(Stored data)
--- START ---

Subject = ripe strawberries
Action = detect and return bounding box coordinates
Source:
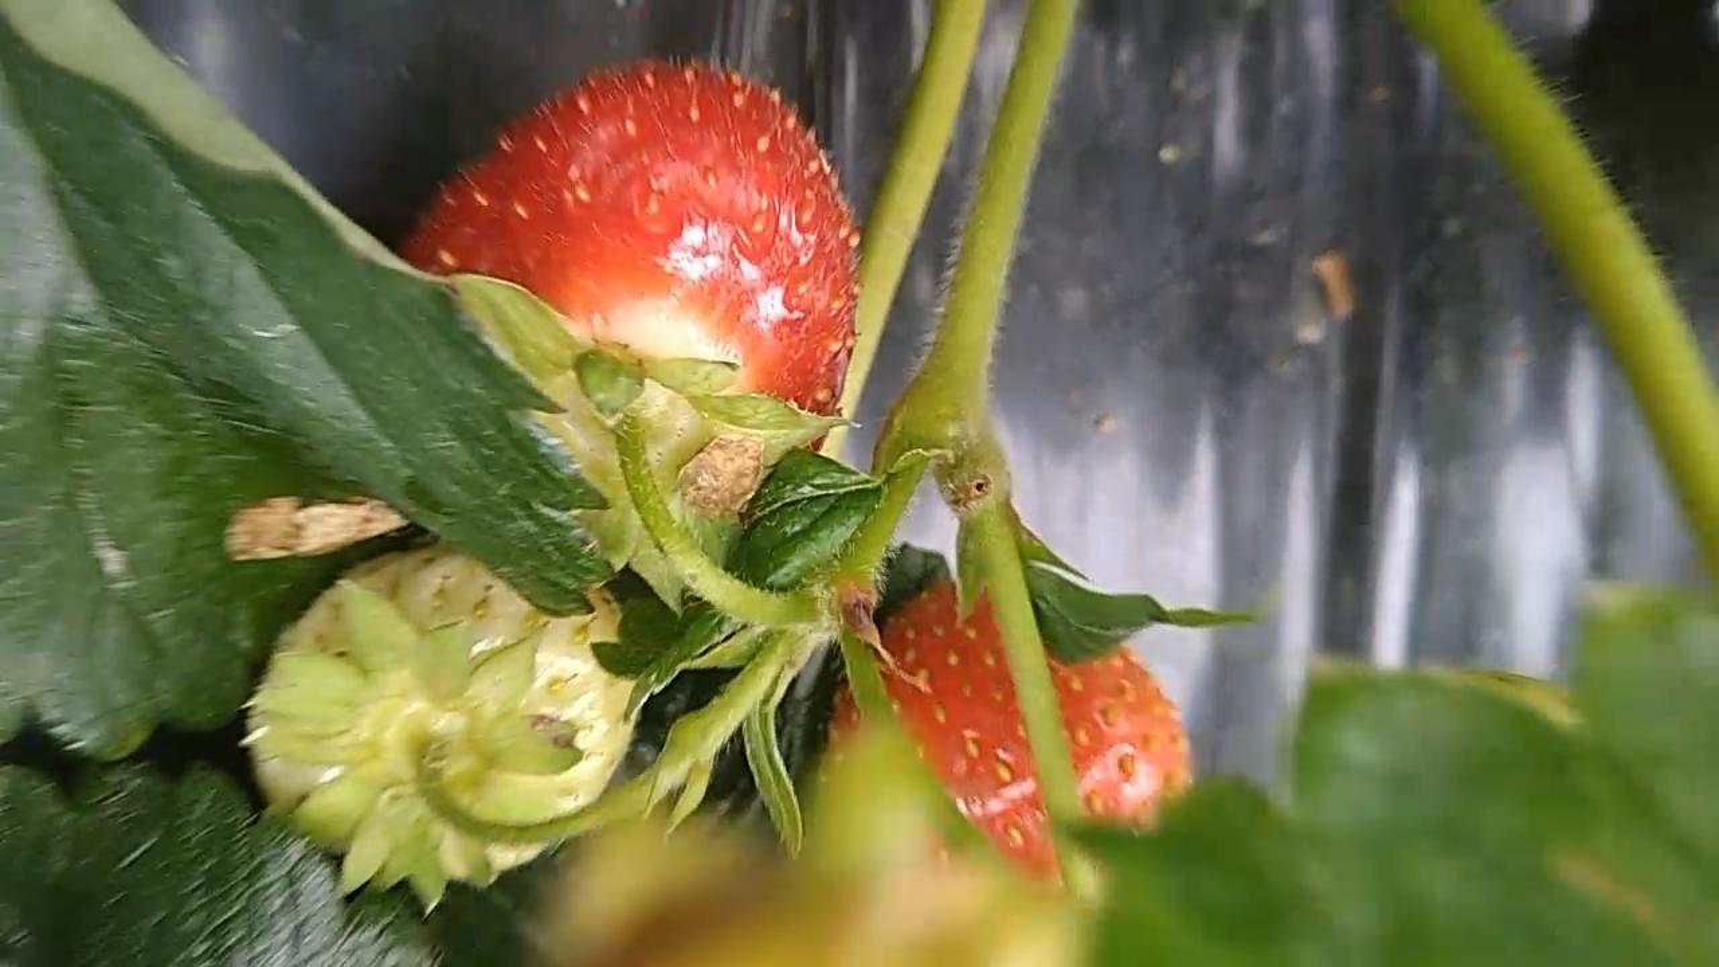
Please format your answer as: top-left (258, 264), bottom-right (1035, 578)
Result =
top-left (418, 42), bottom-right (907, 394)
top-left (808, 573), bottom-right (1172, 879)
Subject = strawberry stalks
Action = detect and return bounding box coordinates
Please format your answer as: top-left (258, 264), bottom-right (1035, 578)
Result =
top-left (532, 310), bottom-right (816, 636)
top-left (389, 713), bottom-right (664, 858)
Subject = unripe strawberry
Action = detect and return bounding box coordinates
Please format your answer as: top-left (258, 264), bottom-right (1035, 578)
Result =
top-left (240, 533), bottom-right (659, 892)
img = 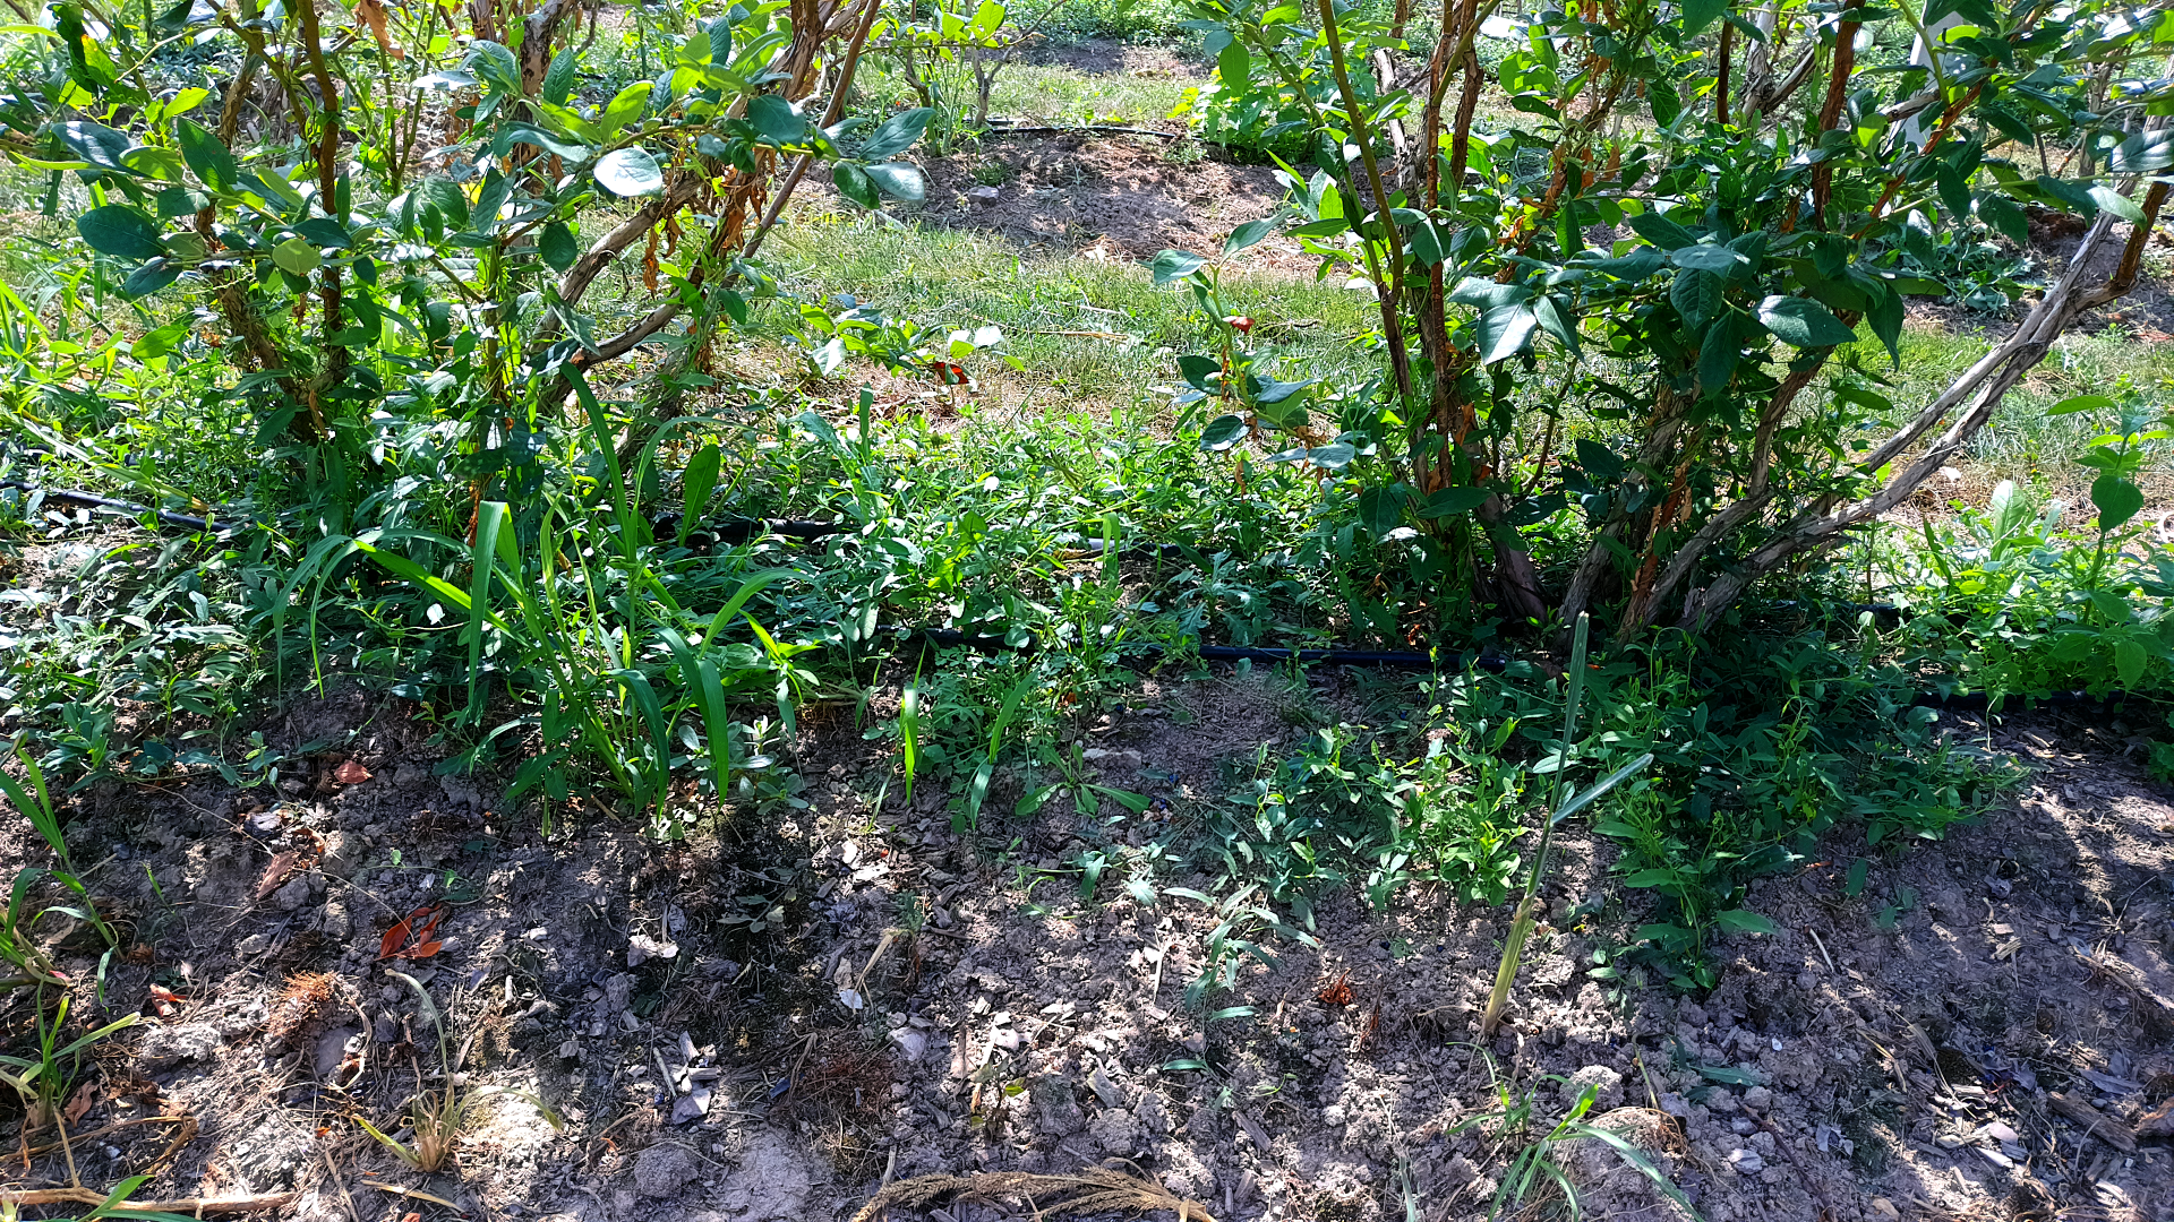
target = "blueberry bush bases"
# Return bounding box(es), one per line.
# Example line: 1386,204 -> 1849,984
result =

--- END ---

Task statement
Please copy the data shown above precisely, leaving the images out.

Written response
Subject = ripe strawberries
Action = detect and return bounding box coordinates
Source:
Please format your answer as: top-left (258, 264), bottom-right (1035, 578)
Result =
top-left (418, 42), bottom-right (907, 394)
top-left (808, 573), bottom-right (1172, 879)
Subject = strawberry stalks
Action = detect and return bounding box coordinates
Please format your answer as: top-left (258, 264), bottom-right (1035, 578)
Result =
top-left (532, 310), bottom-right (816, 636)
top-left (389, 713), bottom-right (664, 858)
Subject = unripe strawberry
Action = detect and return bounding box coordinates
Please format your answer as: top-left (258, 264), bottom-right (1035, 578)
Result =
top-left (240, 533), bottom-right (659, 892)
img = 
target = "blueberry bush bases"
# Return bounding box(es), one per line.
# Example line: 1386,204 -> 1849,984
result =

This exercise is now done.